# Finding the Critical Point(negative square root)

1. Nov 5, 2014

### Luscinia

1. The problem statement, all variables and given/known data
Find the critical points for the function g(x, y, z) = x3+xy2+x2+y2+3z2.

2. Relevant equations

3. The attempt at a solution
I've come up with the following 3 equations (derivatives set so that they are equal to 0)
(1) 3x2+y2+2x=0
(2) 2xy+2y=0
(3) 6z=0

From (3),
z=0​
From (2),
2y(x)+2y(1)=0
x+1=0
x=-1​
From (1) using what I have obtained from (2),
3(-1)2+y2+2(-1)=0
3-2+y2=0
1=-y2
y2=-1​
I do not know how I am supposed to isolate y in this case since square roots are supposed to be positive.
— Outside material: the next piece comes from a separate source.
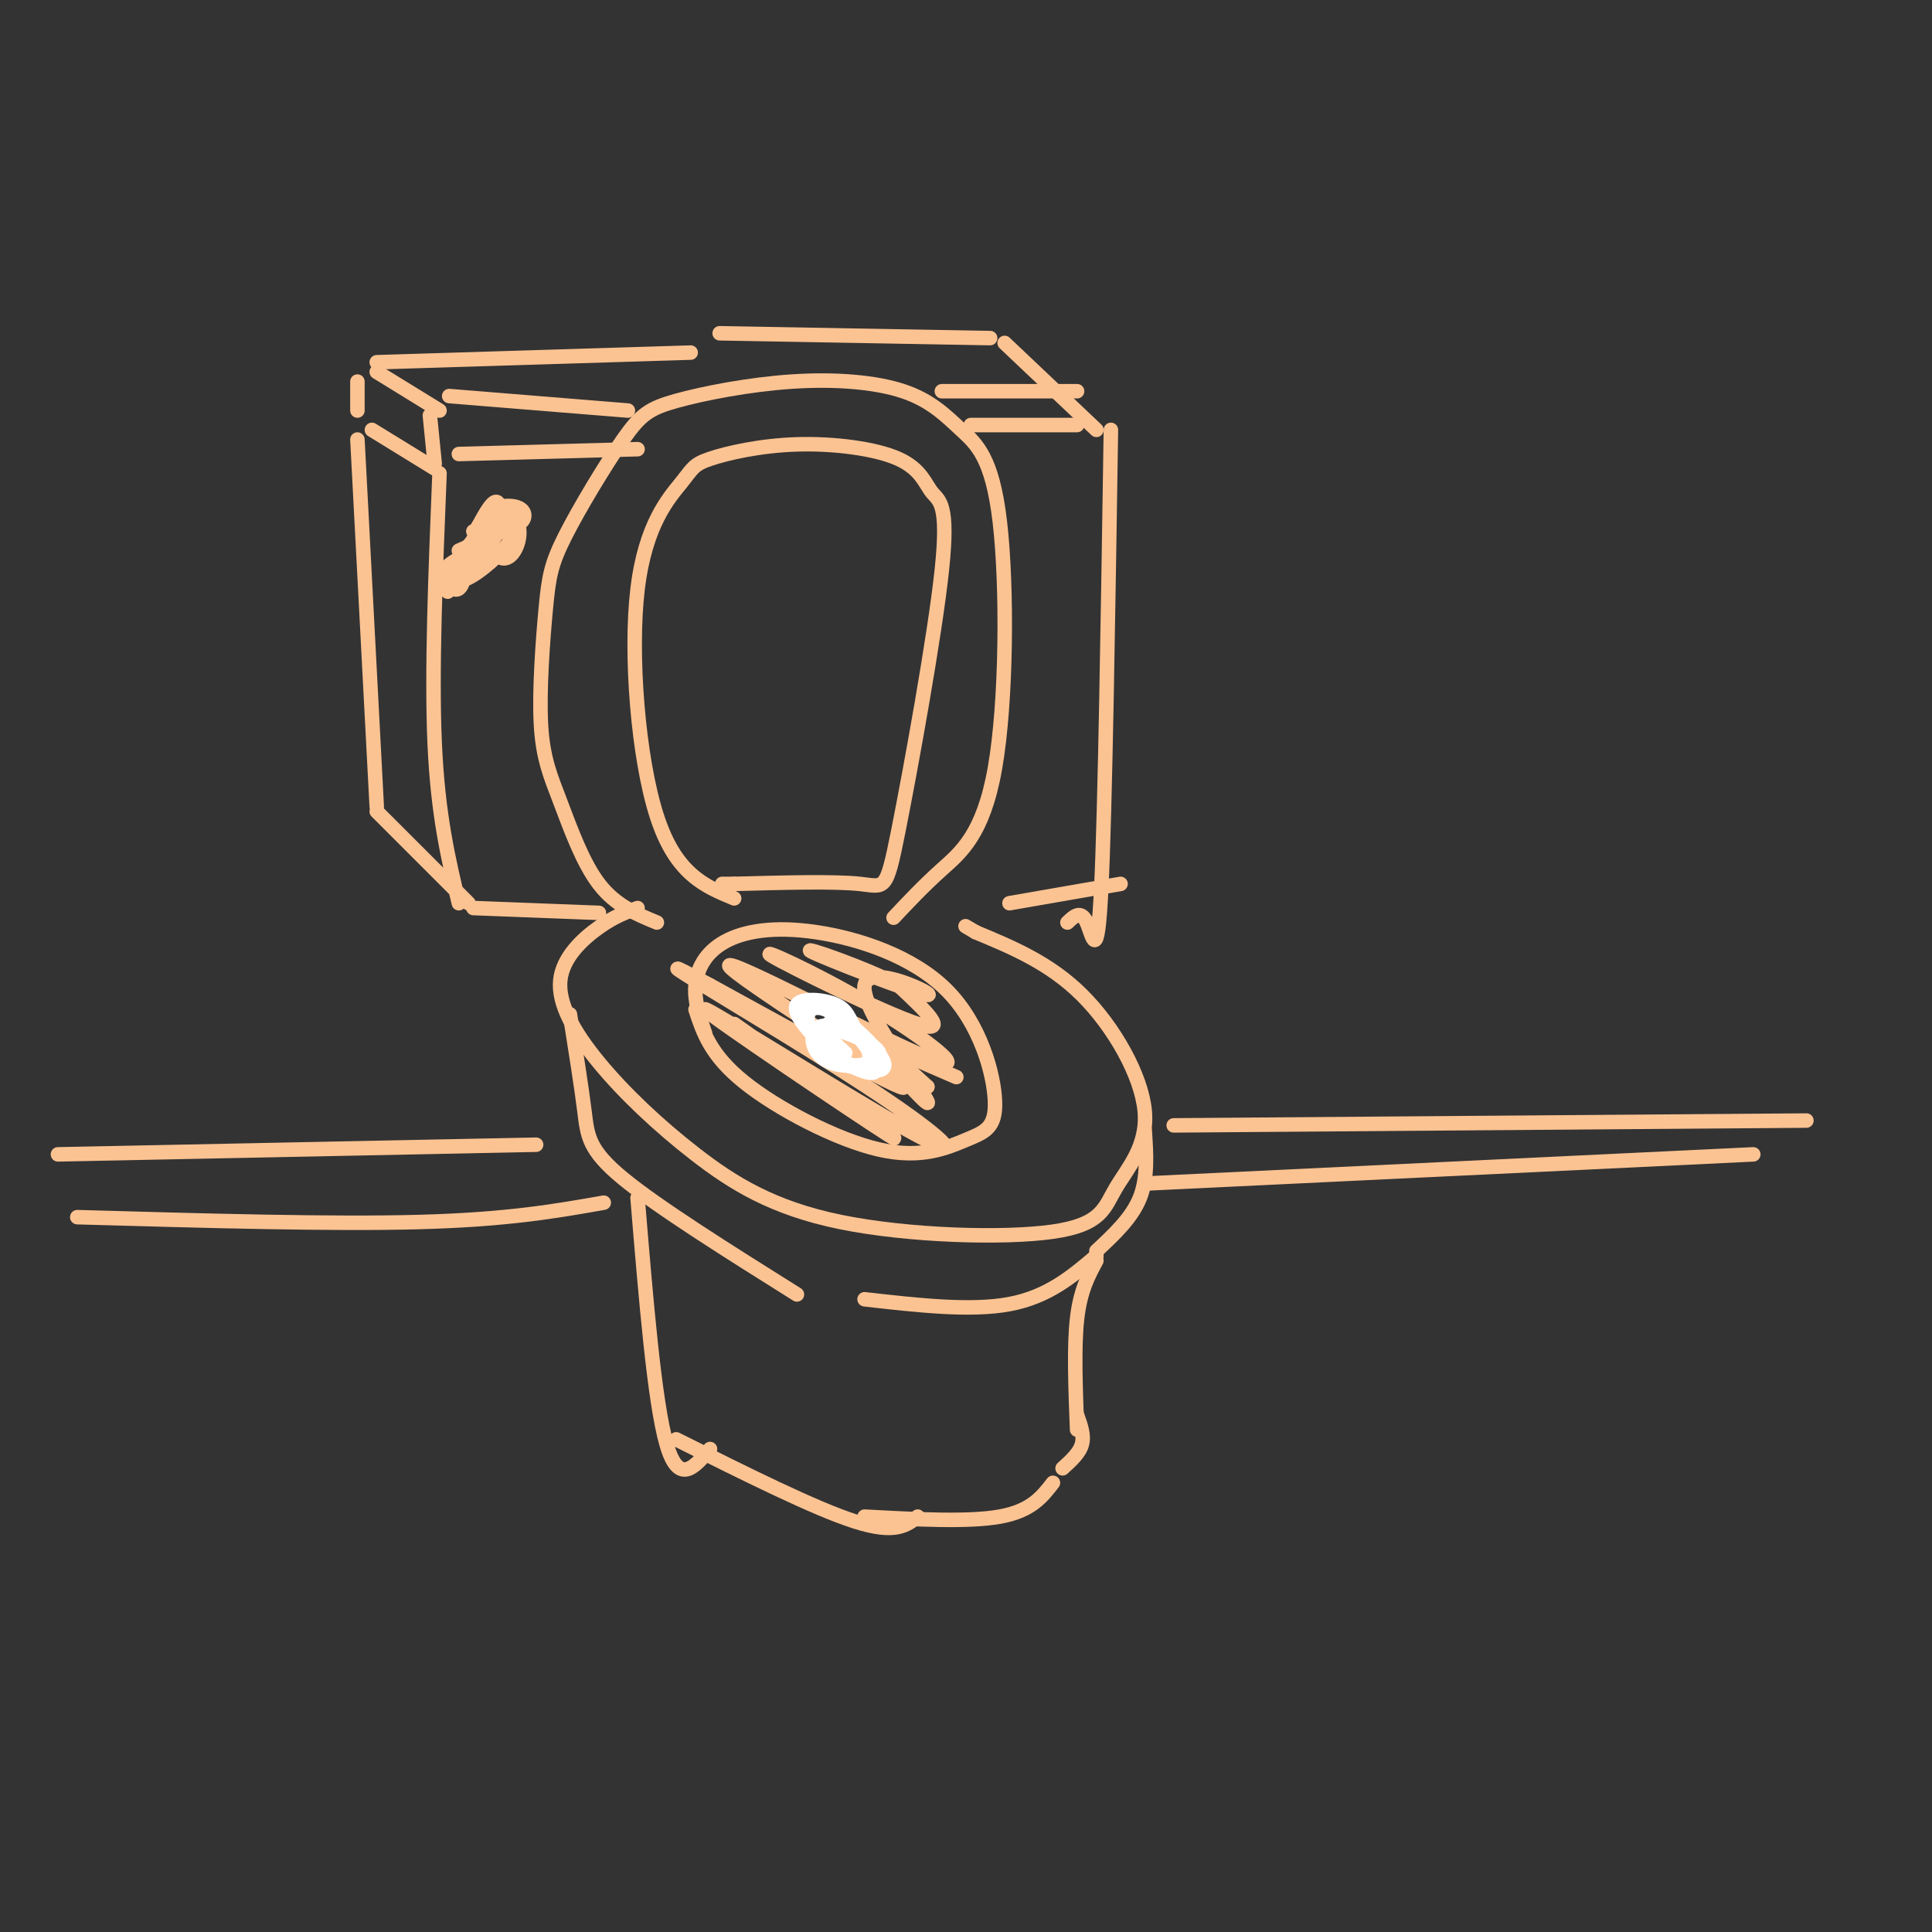<svg viewBox='0 0 400 400' version='1.1' xmlns='http://www.w3.org/2000/svg' xmlns:xlink='http://www.w3.org/1999/xlink'><rect x="0" y="0" width="400" height="400" fill="#333333" stroke="none"/><g fill='none' stroke='#FCC392' stroke-width='3' stroke-linecap='round' stroke-linejoin='round'><path d='M136,191c-4.293,-1.768 -8.585,-3.537 -12,-8c-3.415,-4.463 -5.951,-11.621 -8,-17c-2.049,-5.379 -3.609,-8.979 -4,-16c-0.391,-7.021 0.389,-17.462 1,-24c0.611,-6.538 1.055,-9.172 4,-15c2.945,-5.828 8.391,-14.848 12,-20c3.609,-5.152 5.381,-6.435 11,-8c5.619,-1.565 15.087,-3.414 24,-4c8.913,-0.586 17.273,0.089 23,2c5.727,1.911 8.822,5.056 12,8c3.178,2.944 6.439,5.686 8,19c1.561,13.314 1.420,37.200 -1,51c-2.420,13.800 -7.120,17.514 -11,21c-3.880,3.486 -6.940,6.743 -10,10'/><path d='M152,186c-6.057,-2.497 -12.114,-4.993 -16,-17c-3.886,-12.007 -5.600,-33.524 -4,-47c1.600,-13.476 6.513,-18.911 9,-22c2.487,-3.089 2.549,-3.832 6,-5c3.451,-1.168 10.291,-2.762 18,-3c7.709,-0.238 16.287,0.882 21,3c4.713,2.118 5.561,5.236 7,7c1.439,1.764 3.468,2.174 2,16c-1.468,13.826 -6.434,41.069 -9,54c-2.566,12.931 -2.733,11.552 -8,11c-5.267,-0.552 -15.633,-0.276 -26,0'/><path d='M152,183c-4.333,0.000 -2.167,0.000 0,0'/><path d='M132,188c-2.354,0.835 -4.707,1.669 -8,4c-3.293,2.331 -7.524,6.158 -8,11c-0.476,4.842 2.804,10.700 8,17c5.196,6.300 12.309,13.044 20,19c7.691,5.956 15.959,11.125 30,14c14.041,2.875 33.856,3.455 44,2c10.144,-1.455 10.616,-4.947 13,-9c2.384,-4.053 6.680,-8.668 6,-16c-0.680,-7.332 -6.337,-17.381 -13,-24c-6.663,-6.619 -14.331,-9.810 -22,-13'/><path d='M202,193c-3.667,-2.167 -1.833,-1.083 0,0'/><path d='M144,209c1.544,4.716 3.088,9.431 10,15c6.912,5.569 19.190,11.991 28,14c8.810,2.009 14.150,-0.396 18,-2c3.850,-1.604 6.210,-2.408 6,-8c-0.210,-5.592 -2.990,-15.974 -10,-23c-7.010,-7.026 -18.250,-10.698 -27,-12c-8.750,-1.302 -15.010,-0.235 -19,2c-3.990,2.235 -5.712,5.639 -6,9c-0.288,3.361 0.856,6.681 2,10'/><path d='M152,212c19.048,13.419 38.097,26.838 32,23c-6.097,-3.838 -37.338,-24.932 -38,-26c-0.662,-1.068 29.256,17.889 42,25c12.744,7.111 8.316,2.376 -4,-6c-12.316,-8.376 -32.519,-20.393 -40,-25c-7.481,-4.607 -2.241,-1.803 3,1'/><path d='M147,204c12.395,6.769 41.883,23.191 40,21c-1.883,-2.191 -35.136,-22.995 -36,-25c-0.864,-2.005 30.661,14.789 41,19c10.339,4.211 -0.507,-4.160 -12,-11c-11.493,-6.840 -23.633,-12.149 -20,-10c3.633,2.149 23.038,11.757 30,14c6.962,2.243 1.481,-2.878 -4,-8'/><path d='M186,204c-6.435,-3.522 -20.524,-8.327 -18,-7c2.524,1.327 21.660,8.787 24,9c2.340,0.213 -12.115,-6.819 -13,-2c-0.885,4.819 11.800,21.490 13,24c1.200,2.510 -9.086,-9.140 -11,-12c-1.914,-2.860 4.543,3.070 11,9'/><path d='M192,225c-2.556,-1.178 -14.444,-8.622 -15,-10c-0.556,-1.378 10.222,3.311 21,8'/><path d='M118,210c1.178,7.422 2.356,14.844 3,20c0.644,5.156 0.756,8.044 8,14c7.244,5.956 21.622,14.978 36,24'/><path d='M179,269c11.000,1.250 22.000,2.500 30,1c8.000,-1.500 13.000,-5.750 18,-10'/><path d='M237,234c0.333,4.917 0.667,9.833 -1,14c-1.667,4.167 -5.333,7.583 -9,11'/><path d='M132,248c1.750,21.167 3.500,42.333 6,51c2.500,8.667 5.750,4.833 9,1'/><path d='M140,298c14.333,7.167 28.667,14.333 37,17c8.333,2.667 10.667,0.833 13,-1'/><path d='M179,314c10.750,0.583 21.500,1.167 28,0c6.500,-1.167 8.750,-4.083 11,-7'/><path d='M227,261c-1.667,3.083 -3.333,6.167 -4,12c-0.667,5.833 -0.333,14.417 0,23'/><path d='M223,293c0.750,2.083 1.500,4.167 1,6c-0.500,1.833 -2.250,3.417 -4,5'/><path d='M98,188c0.000,0.000 26.000,1.000 26,1'/><path d='M95,187c-2.167,-9.083 -4.333,-18.167 -5,-33c-0.667,-14.833 0.167,-35.417 1,-56'/><path d='M95,94c0.000,0.000 37.000,-1.000 37,-1'/><path d='M78,168c0.000,0.000 19.000,19.000 19,19'/><path d='M78,167c0.000,0.000 -4.000,-76.000 -4,-76'/><path d='M77,89c0.000,0.000 13.000,8.000 13,8'/><path d='M74,85c0.000,0.000 0.000,-6.000 0,-6'/><path d='M78,77c0.000,0.000 13.000,8.000 13,8'/><path d='M89,86c0.000,0.000 1.000,10.000 1,10'/><path d='M78,75c0.000,0.000 65.000,-2.000 65,-2'/><path d='M149,69c0.000,0.000 56.000,1.000 56,1'/><path d='M208,71c0.000,0.000 19.000,18.000 19,18'/><path d='M201,88c0.000,0.000 22.000,0.000 22,0'/><path d='M93,82c0.000,0.000 37.000,3.000 37,3'/><path d='M195,81c0.000,0.000 28.000,0.000 28,0'/><path d='M230,89c-0.600,39.333 -1.200,78.667 -2,95c-0.800,16.333 -1.800,9.667 -3,7c-1.200,-2.667 -2.600,-1.333 -4,0'/><path d='M209,187c0.000,0.000 23.000,-4.000 23,-4'/><path d='M103,110c2.036,-0.511 4.073,-1.022 5,-2c0.927,-0.978 0.745,-2.425 -1,-3c-1.745,-0.575 -5.053,-0.280 -6,2c-0.947,2.280 0.468,6.545 2,8c1.532,1.455 3.180,0.101 4,-2c0.820,-2.101 0.811,-4.950 -1,-6c-1.811,-1.050 -5.424,-0.302 -6,1c-0.576,1.302 1.883,3.158 3,2c1.117,-1.158 0.890,-5.331 0,-6c-0.890,-0.669 -2.445,2.165 -4,5'/><path d='M99,109c-0.500,1.333 0.250,2.167 1,3'/><path d='M98,114c-3.174,5.081 -6.348,10.162 -5,8c1.348,-2.162 7.219,-11.567 9,-15c1.781,-3.433 -0.528,-0.895 -3,3c-2.472,3.895 -5.106,9.147 -4,10c1.106,0.853 5.952,-2.693 9,-6c3.048,-3.307 4.300,-6.373 3,-7c-1.300,-0.627 -5.150,1.187 -9,3'/><path d='M99,117c2.178,-3.667 4.356,-7.333 4,-7c-0.356,0.333 -3.244,4.667 -4,6c-0.756,1.333 0.622,-0.333 2,-2'/><path d='M96,120c-0.399,1.167 -0.798,2.333 -2,2c-1.202,-0.333 -3.208,-2.167 -2,-4c1.208,-1.833 5.631,-3.667 7,-4c1.369,-0.333 -0.315,0.833 -2,2'/><path d='M95,120c0.333,-2.667 0.667,-5.333 2,-7c1.333,-1.667 3.667,-2.333 6,-3'/><path d='M95,114c0.000,0.000 9.000,-4.000 9,-4'/><path d='M16,252c26.417,0.750 52.833,1.500 71,1c18.167,-0.500 28.083,-2.250 38,-4'/><path d='M12,239c0.000,0.000 99.000,-2.000 99,-2'/><path d='M238,245c0.000,0.000 125.000,-6.000 125,-6'/><path d='M243,233c0.000,0.000 131.000,-1.000 131,-1'/></g>
<g fill='none' stroke='#FFFFFF' stroke-width='3' stroke-linecap='round' stroke-linejoin='round'><path d='M175,218c-2.011,-1.803 -4.022,-3.605 -4,-5c0.022,-1.395 2.079,-2.382 5,0c2.921,2.382 6.708,8.133 5,9c-1.708,0.867 -8.911,-3.152 -12,-7c-3.089,-3.848 -2.065,-7.526 2,-6c4.065,1.526 11.171,8.257 12,11c0.829,2.743 -4.620,1.498 -8,0c-3.380,-1.498 -4.690,-3.249 -6,-5'/><path d='M169,215c-2.272,-2.300 -4.953,-5.550 -4,-7c0.953,-1.450 5.540,-1.098 8,0c2.460,1.098 2.794,2.944 4,5c1.206,2.056 3.284,4.323 3,6c-0.284,1.677 -2.930,2.762 -6,1c-3.070,-1.762 -6.563,-6.373 -4,-7c2.563,-0.627 11.182,2.729 12,5c0.818,2.271 -6.164,3.458 -10,2c-3.836,-1.458 -4.524,-5.559 -3,-7c1.524,-1.441 5.262,-0.220 9,1'/></g>
</svg>

Do I need to get i involved? If so, how?

2. Nov 5, 2014

### pasmith

From (2) you have two possibilities: $0 = 2xy + 2y = 2y(x + 1)$ so either $y = 0$ or $x = -1$ or both.

You must also satisfy (1). You've shown that if $x = -1$ then (1) requires that $y^2 = -1$, so that doesn't give you a critical point. There remains the $y = 0$ possibility.

3. Nov 5, 2014

### Ray Vickson

$(2) \Longrightarrow 2y(x+1) = 0 \Longrightarrow y = 0 \; \text{or }\; x+1 = 0$.